■ **PROBLEM TO WORK ON**
Write out every line below that contains "style".
INPUT MATERIAL START
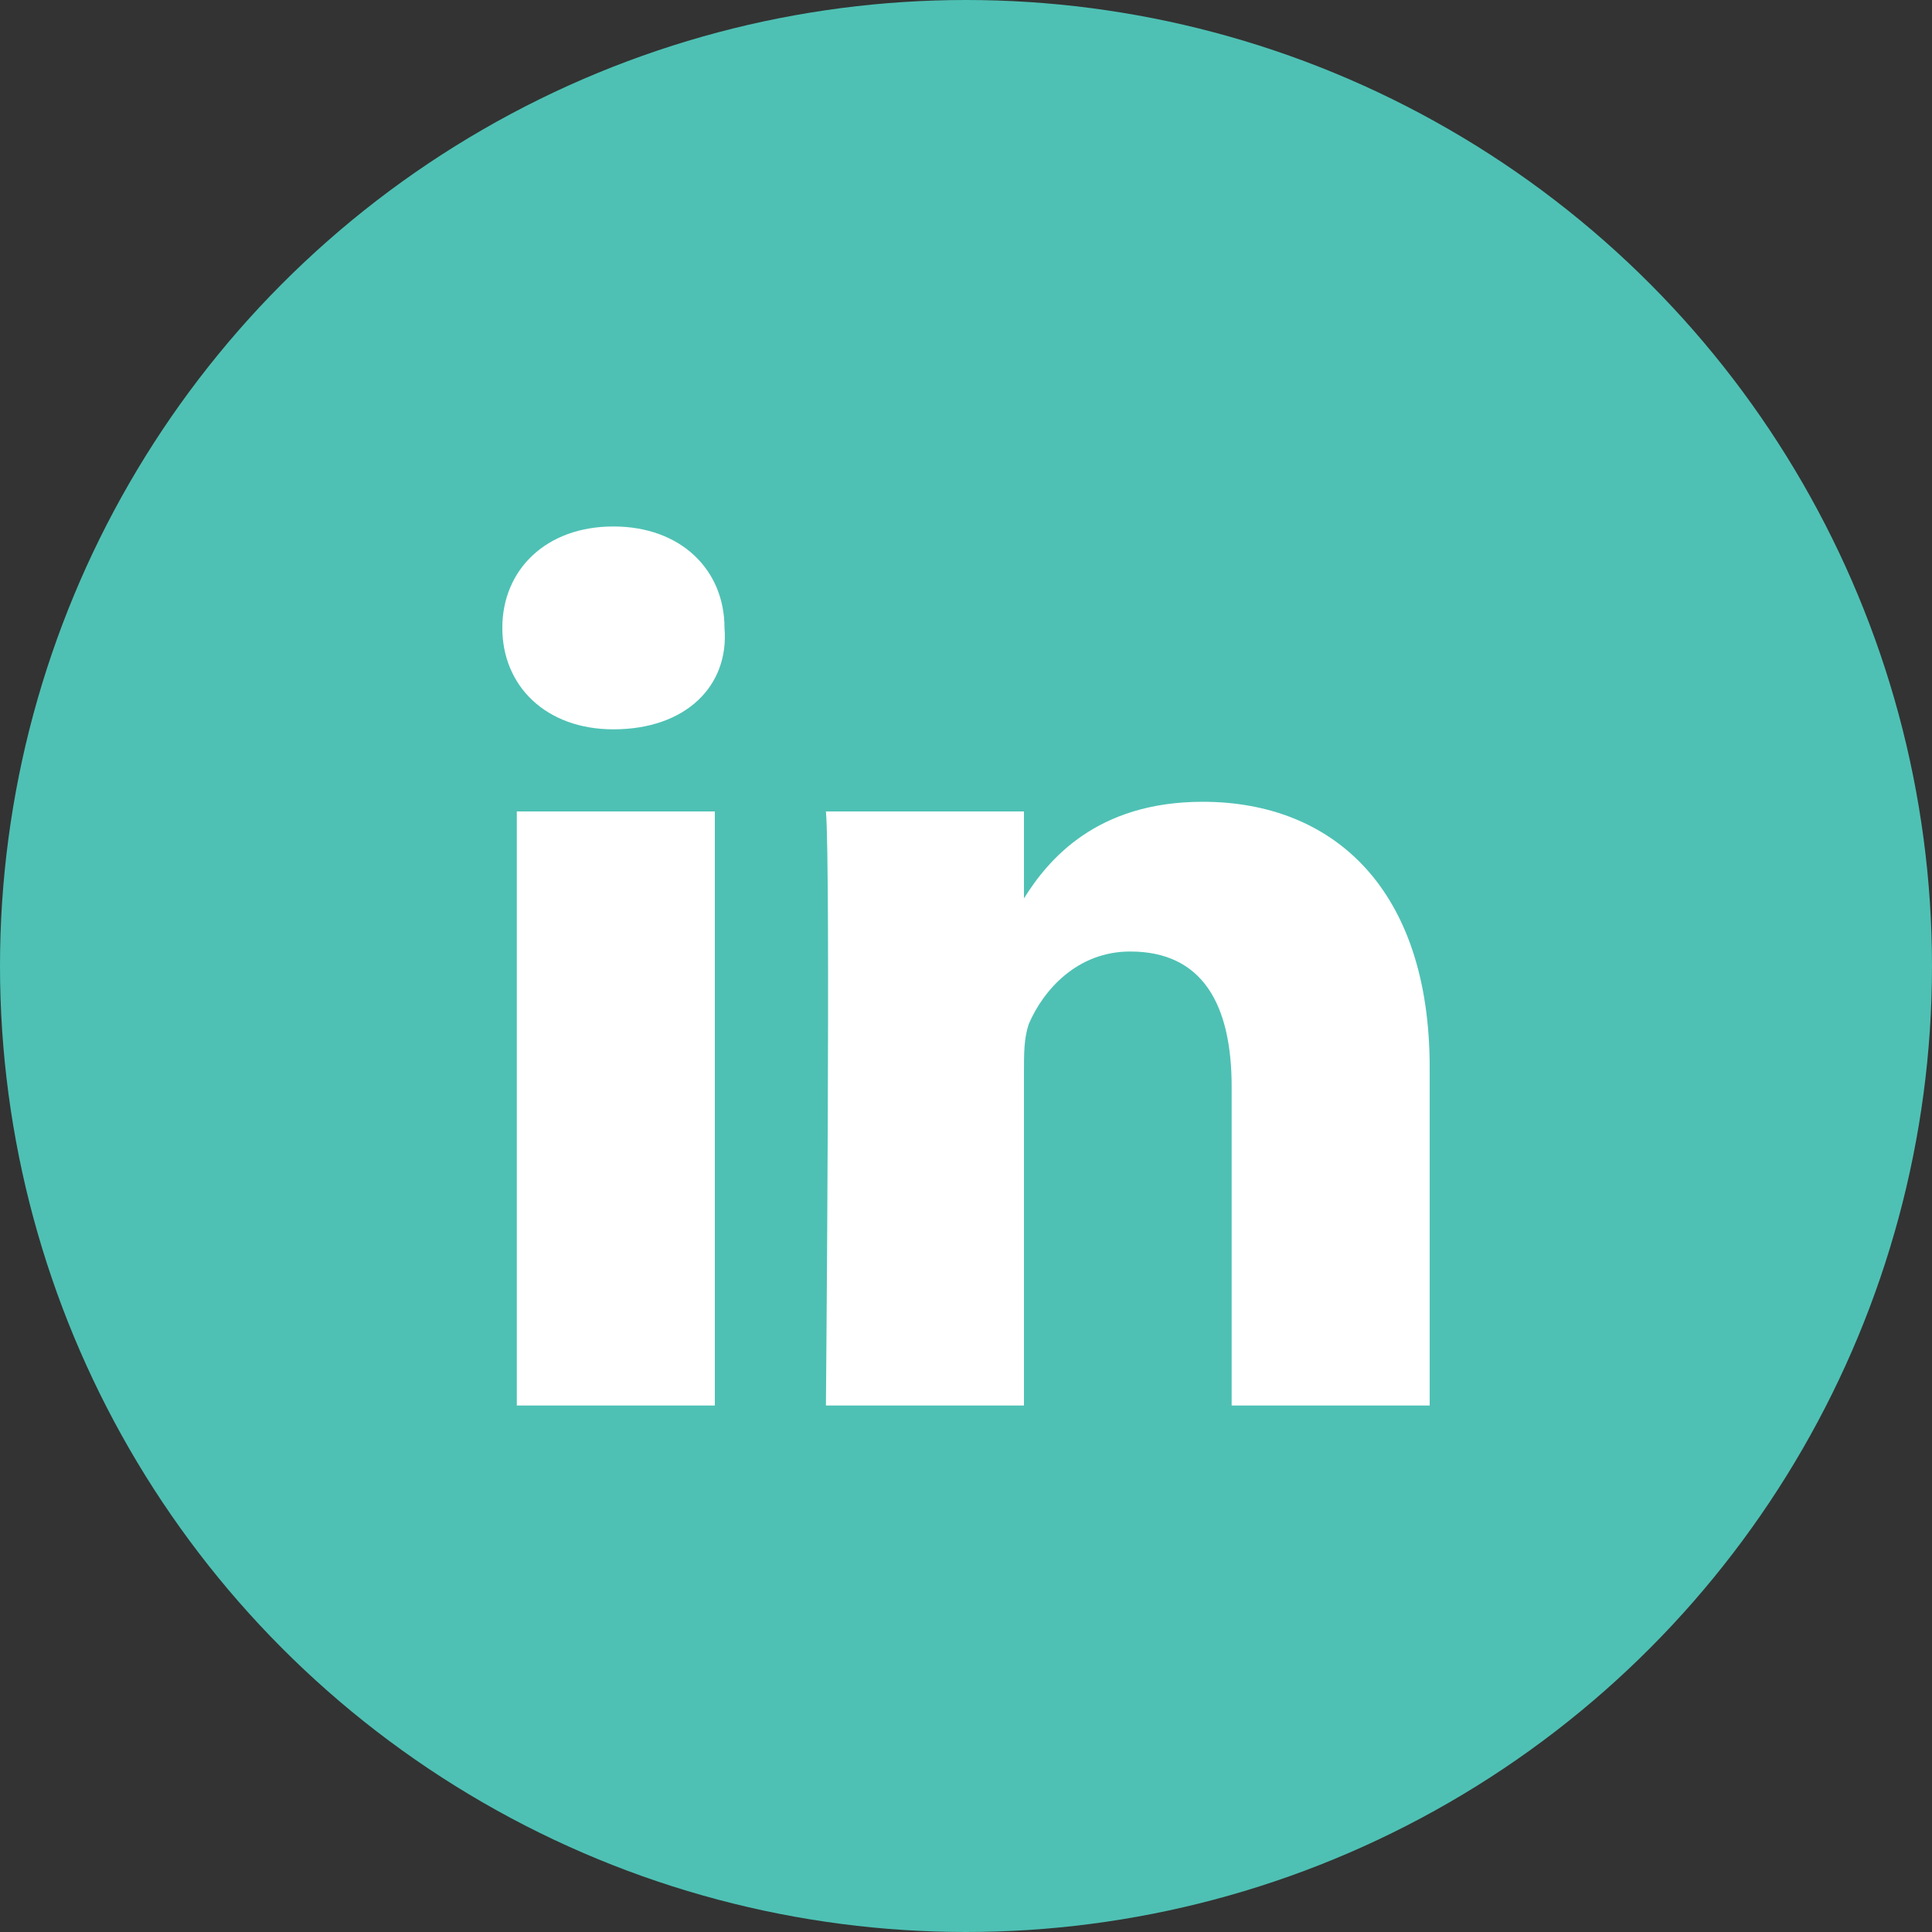 <?xml version="1.0" encoding="utf-8"?>
<!-- Generator: Adobe Illustrator 19.1.0, SVG Export Plug-In . SVG Version: 6.00 Build 0)  -->
<svg version="1.1" id="Layer_1" xmlns="http://www.w3.org/2000/svg" xmlns:xlink="http://www.w3.org/1999/xlink" x="0px" y="0px"
	 viewBox="0 0 40 40" style="enable-background:new 0 0 40 40;" xml:space="preserve">
<rect x="0" y="0" width="40" height="40" fill="#333333" stroke="none"/>
<style type="text/css">
	.st0{fill:#4EC1B4;}
	.st1{fill:#FFFFFF;}
</style>
<circle class="st0" cx="20" cy="20" r="20"/>
<path class="st1" d="M14.8,29.1h-4.1V16.8h4.1V29.1z M12.7,15.1L12.7,15.1c-1.4,0-2.3-0.9-2.3-2.1c0-1.2,0.9-2.1,2.3-2.1
	s2.3,0.9,2.3,2.1C15.1,14.2,14.2,15.1,12.7,15.1z M29.6,29.1h-4.1v-6.6c0-1.7-0.6-2.8-2.1-2.8c-1.1,0-1.8,0.8-2.1,1.5
	c-0.1,0.3-0.1,0.6-0.1,1v6.9h-4.1c0,0,0.1-11.2,0-12.3h4.1v1.8c0.5-0.8,1.5-2,3.7-2c2.7,0,4.7,1.8,4.7,5.5V29.1z"/>
</svg>
INPUT MATERIAL END
■ **EXERCISE SOLUTION**
	 viewBox="0 0 40 40" style="enable-background:new 0 0 40 40;" xml:space="preserve">
<style type="text/css">
</style>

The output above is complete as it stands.